These poor horses were our Bucket Fund horses for last month.  They were found in a Junkyard, hence the name, and all were in horrible condition.  They only had brackish water and no food.  One perished.  Luckily, 4 are under the care of BHFER.  Thank goodness!

Red and Tucker (mini geldings, Tucker is Glory’s yearling foal who was still nursing from her when they were rescued):

Red and Tucker are doing well!  Tucker is finally coming around and starting to stabilize and gain weight.  They hang around together and have even started running and wrestling in their paddock.  Nice!

Red and Tucker. Happy and almost healthy boys, finally!

Faith, the pregnant Percheron:

Faith seems to be doing very well.  She is gaining weight and her coat is looking much better.  All are hoping that enough time has passed for her to become well enough to deliver safely.  Right now, she seems fine and everyone is sighing with relief!  Oh, they say she is a lovebucket!

Faith is looking shiny and healthy! The baby isn't quite due yet, thank goodness... more baking time needed.

Glory, the pregnant mini-mare who is the dam of  Tucker:

Glory came in very underweight, wormy and just a mess…  No one knows if her baby is OK in there and everyone is a bit worried.  Glory has put on weight and is much better, but no one knows if the fetus was damaged by the awful water source or the lack of food.  Everyone is praying for this little lovebug.

Preggers and bagging little Glory, the mini mare.

Glory is on Marestare!  If you want to watch her, she is in her foaling stall during the evenings!  If they feel the birth is impending, they will keep her in the foaling stall 24/7.  Here is the link where you can watch little Glory!

Glory as seen on her Marestare camera. Click image to watch her!

 

BABY MINI-DONKEY WHO WAS JUST BORN TWO DAYS AGO (you can read/see pics of the birth on this blog link)

He is so cute!  Can you believe that HUGE baby was inside that tiny Momma?!!  So far, no official name but I think ‘Mammoth Jackini’ would work for him!  (He is for sale in New Mexico – no affiliation … click here to go to their site)

This was 2 days ago, 27 mins after he was born.

LOOK HOW BIG HE IS! He is 2 days old now! We should call him 'Mammoth Jackini'!

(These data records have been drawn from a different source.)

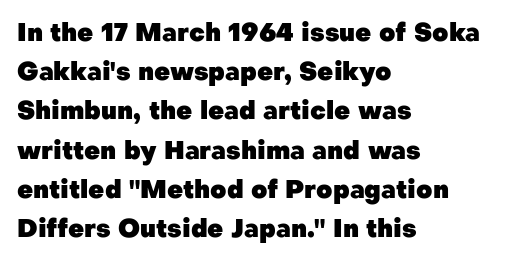
There is no visible air inserted between adjacent glyphs. This sample is left-justified, so line endings fall wherever the words run out. Normally led — the rows are evenly, conventionally spaced. The lettering holds an erect, upright posture throughout.
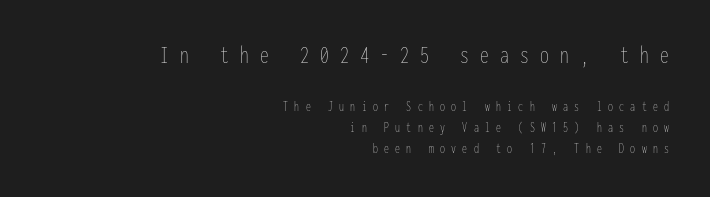
The axis of the letterforms is exactly vertical. Descender tails drop into unmarked territory. This rendering uses right alignment, leaving the left contour irregular. No chunkiness to these letters — they're not bold. Observe the wide spacing: letters keep a clear distance from each other. Which chunk is bigger? The first one — the top block dwarfs the bottom.
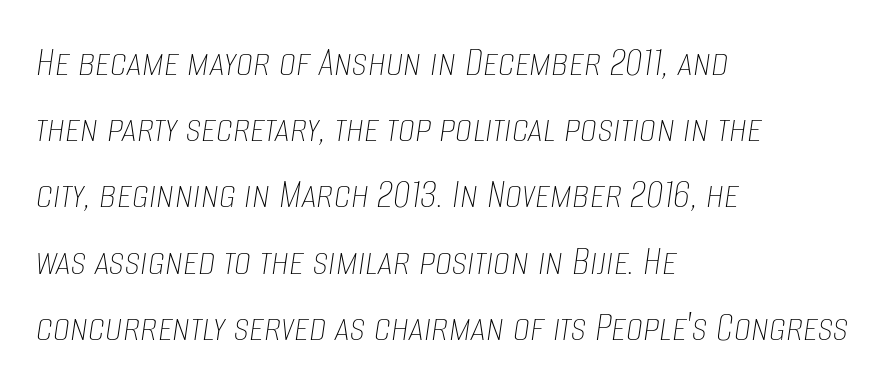
{"italic": "yes", "lean": "right", "slant_degrees": 8, "bold": "no", "weight": "thin", "width": "condensed", "stroke_contrast": "low", "x_height": "large", "monospaced": "no", "underline": "no", "align": "left", "line_spacing": "normal", "line_spacing_ratio": 1.54, "letter_spacing": "normal", "letter_spacing_em": 0.0, "glyph_px": 43}
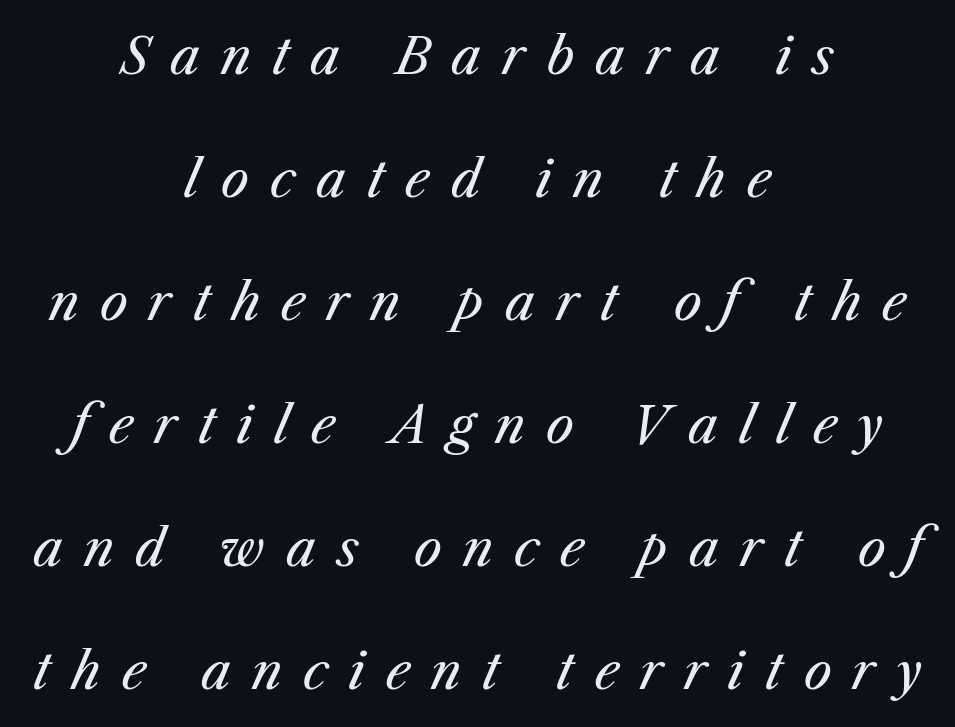
The image shows 50 px regular-weight type, italic (leaning right); set centered, loose line spacing (2.46x), unusually wide letter spacing (+0.42 em), not underlined; medium stroke contrast and a medium x-height.
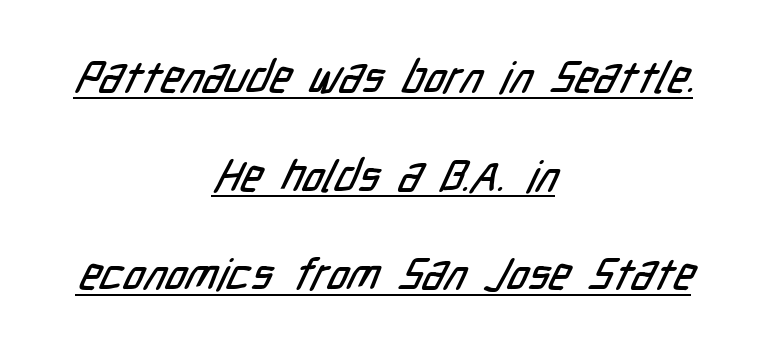
The image shows 44 px condensed sans-serif type; set centered, loose line spacing (2.24x), normal letter spacing, underlined; low stroke contrast and a medium x-height.
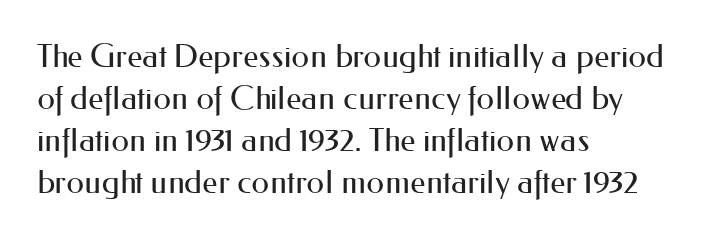
The image shows 32 px regular-weight sans-serif type, upright; set left-aligned, normal line spacing (1.31x), normal letter spacing, not underlined; medium stroke contrast and a small x-height.
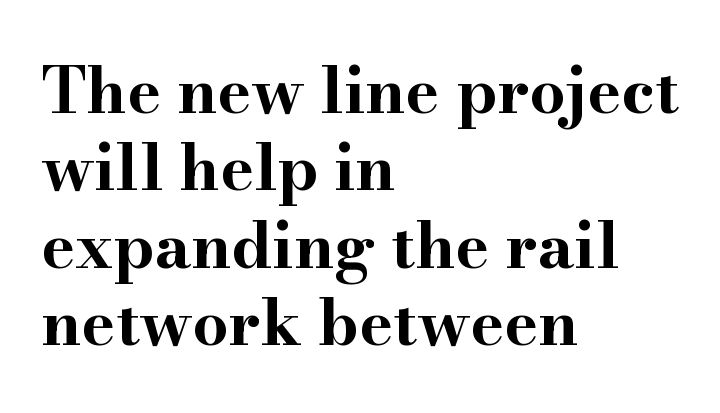
The rendering keeps characters at their native spacing. These lines are set flush left with a ragged right edge. The characters display serif detailing at their extremities. The lettering stays uniformly vertical, giving the passage a roman look.
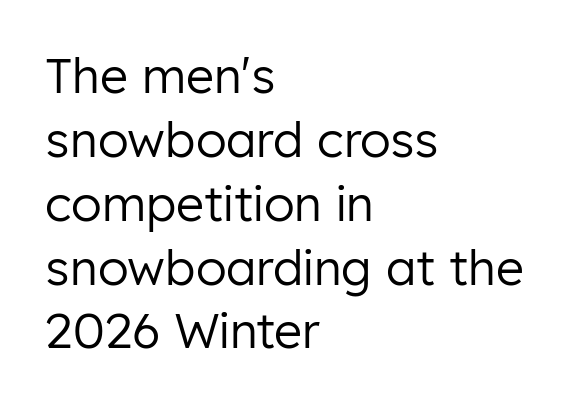
The image shows 48 px regular-weight sans-serif type, upright; set left-aligned, normal line spacing (1.33x), normal letter spacing, not underlined; low stroke contrast and a medium x-height.
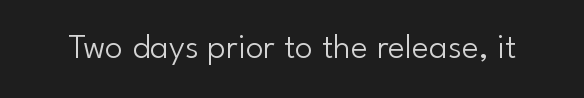
Honestly, there is no underline to notice here at all. Look at the bottom of the vertical strokes: they stop flat, with no serifs. The type is set solid horizontally, with unmodified tracking. Character widths vary here, with narrow letters taking less room than wide ones. Is this a heavy cut? Hardly; it is regular or lighter.
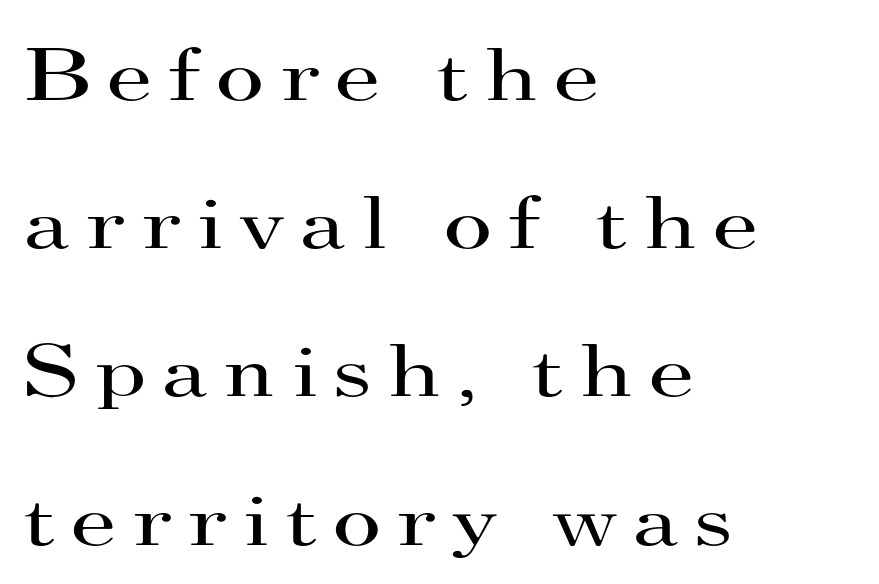
{"serif": "yes", "italic": "no", "bold": "no", "weight": "regular", "width": "wide", "stroke_contrast": "high", "x_height": "small", "monospaced": "no", "underline": "no", "align": "left", "line_spacing": "loose", "line_spacing_ratio": 1.95, "glyph_px": 76}
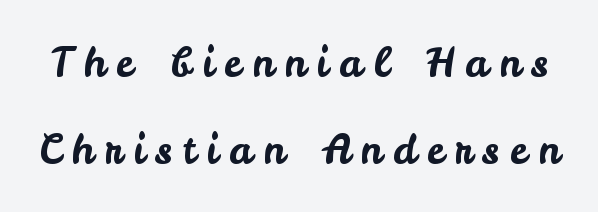
Q: Is the text italic (slanted)? A: Yes.
Q: Is the typeface a serif or a sans-serif typeface? A: Sans-serif.
Q: Is the text underlined? A: No.
Q: Is the spacing between letters normal or unusually wide? A: Unusually wide.
Q: Is the spacing between lines tight, normal or loose? A: Loose.
Q: Width (condensed, normal, or wide)? A: Normal.
Q: Stroke contrast? A: Low.
Q: x-height? A: Small.
Q: Monospaced? A: No.
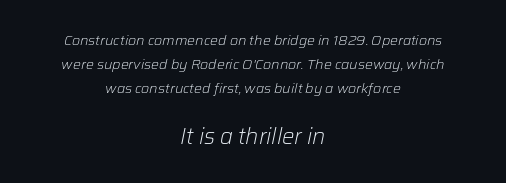
The image shows 22 px text type, italic (leaning right); set centered, line spacing 1.72x, normal letter spacing, not underlined; the second (bottom) block is 1.57x larger.
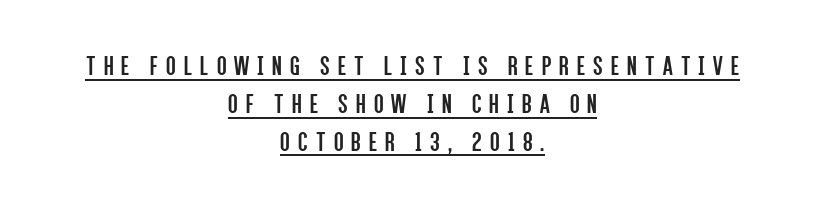
Observe the absence of serifs on each vertical stroke in this sample. Proportional: the letters do not fall into vertical columns. The tracking jumps out immediately: characters are airy and widely separated. Emphasis is given by a line drawn under the lettering. The axis of the letterforms is exactly vertical. Honestly, the row spacing looks completely unremarkable.
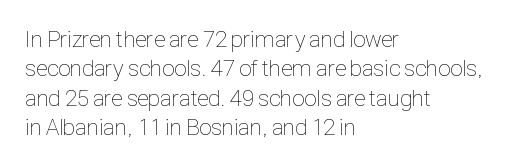
Q: Is the text bold? A: No.
Q: Is the text italic (slanted)? A: No, it is upright.
Q: Is the text underlined? A: No.
Q: How is the paragraph aligned? A: Left-aligned.
Q: Is the spacing between letters normal or unusually wide? A: Normal.
Q: Is the spacing between lines tight, normal or loose? A: Normal.
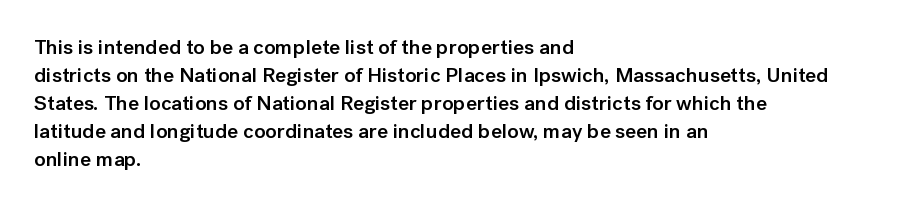
{"italic": "no", "bold": "semi", "underline": "no", "align": "left", "line_spacing": "normal", "line_spacing_ratio": 1.33, "letter_spacing": "normal", "letter_spacing_em": 0.0, "glyph_px": 21}
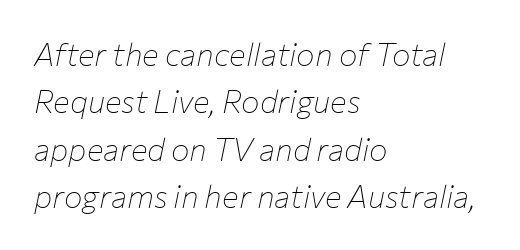
The image shows 31 px thin type, italic (leaning right); set left-aligned, normal line spacing (1.53x), normal letter spacing, not underlined; low stroke contrast and a medium x-height.
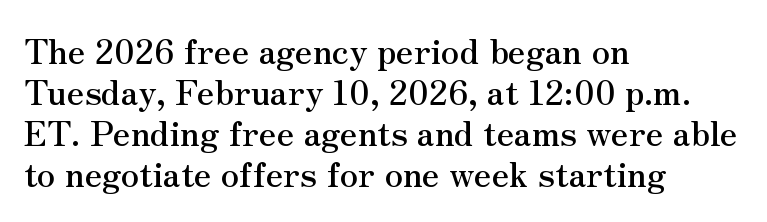
{"serif": "yes", "italic": "no", "width": "normal", "stroke_contrast": "medium", "x_height": "small", "monospaced": "no", "underline": "no", "align": "left", "line_spacing_ratio": 1.21, "letter_spacing": "normal", "letter_spacing_em": 0.0, "glyph_px": 34}
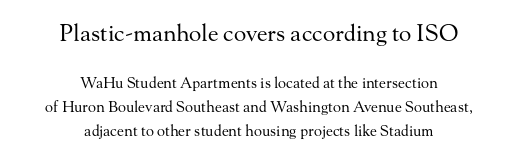
{"italic": "no", "bold": "no", "underline": "no", "align": "center", "line_spacing": "normal", "line_spacing_ratio": 1.6, "letter_spacing": "normal", "letter_spacing_em": 0.0, "larger_block": "first", "size_ratio": 1.53, "glyph_px": 23}
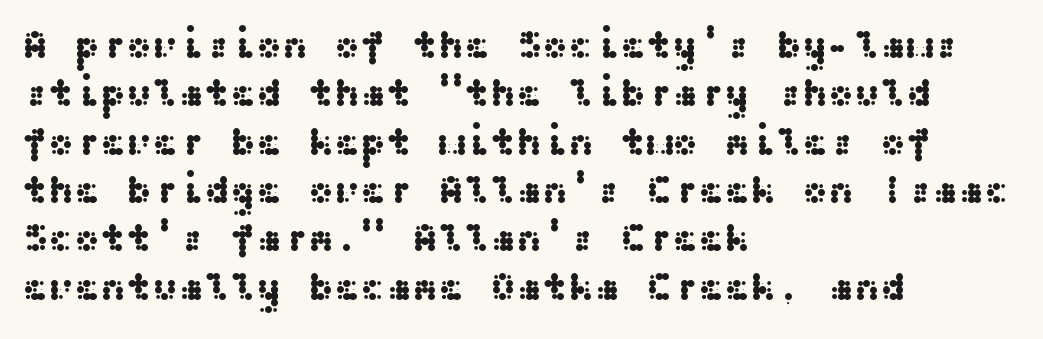
The image shows 39 px wide sans-serif type, upright; set left-aligned, line spacing 1.24x, normal letter spacing, not underlined; medium stroke contrast and a medium x-height.

Look at that face! And that moppy brow! Too cute!

Healthy baby and Momma...

 

DIAPER FOALS!

These are the little babies who were our MID-MONTH MINI BUCKET FUND for March.  Two fillies were abandoned at birth in the Paiute paddocks (Sassy and Tina) and the other one (Ruby) is a Mustang from the range in Nevada who was found alone – only a few hours old.  Luckily they were all brought to foalnursemaid extraordinaire, Shirley Allen.

(These fillies will all be available for adoption when they are big enough… Let me know if you are interested and I’ll put you in touch with Shirley.)

Here they are today… pics hot off the presses!

This is Sassy, the Biggest filly at 3 months old.

This is Tina (for Valentina) who was born on Valentines' Day

This is Ruby the tiniest filly! Look at the white on her legs!

 

THE BROODMARES’ CREEDO

OK, well, since we have been chatting a lot about foaling, a reader sent this to me. ..

And, having known many a broodmare, I thought this was priceless!  Hopefully some of you will get a churble out of it to start your day

“Foaling Mare’s Secret Code”

The mare’s secret code of honor is as old as horses themselves and is ultimately the species best kept secret. NO mare shall ever produce a foal before it’s time.

It’s time being determined by the following factors:

1. No foal shall be born until total chaos has been reached by all involved. Your house must be a wreck, your family hungry and desperate for clean clothes, and your social life non-existent.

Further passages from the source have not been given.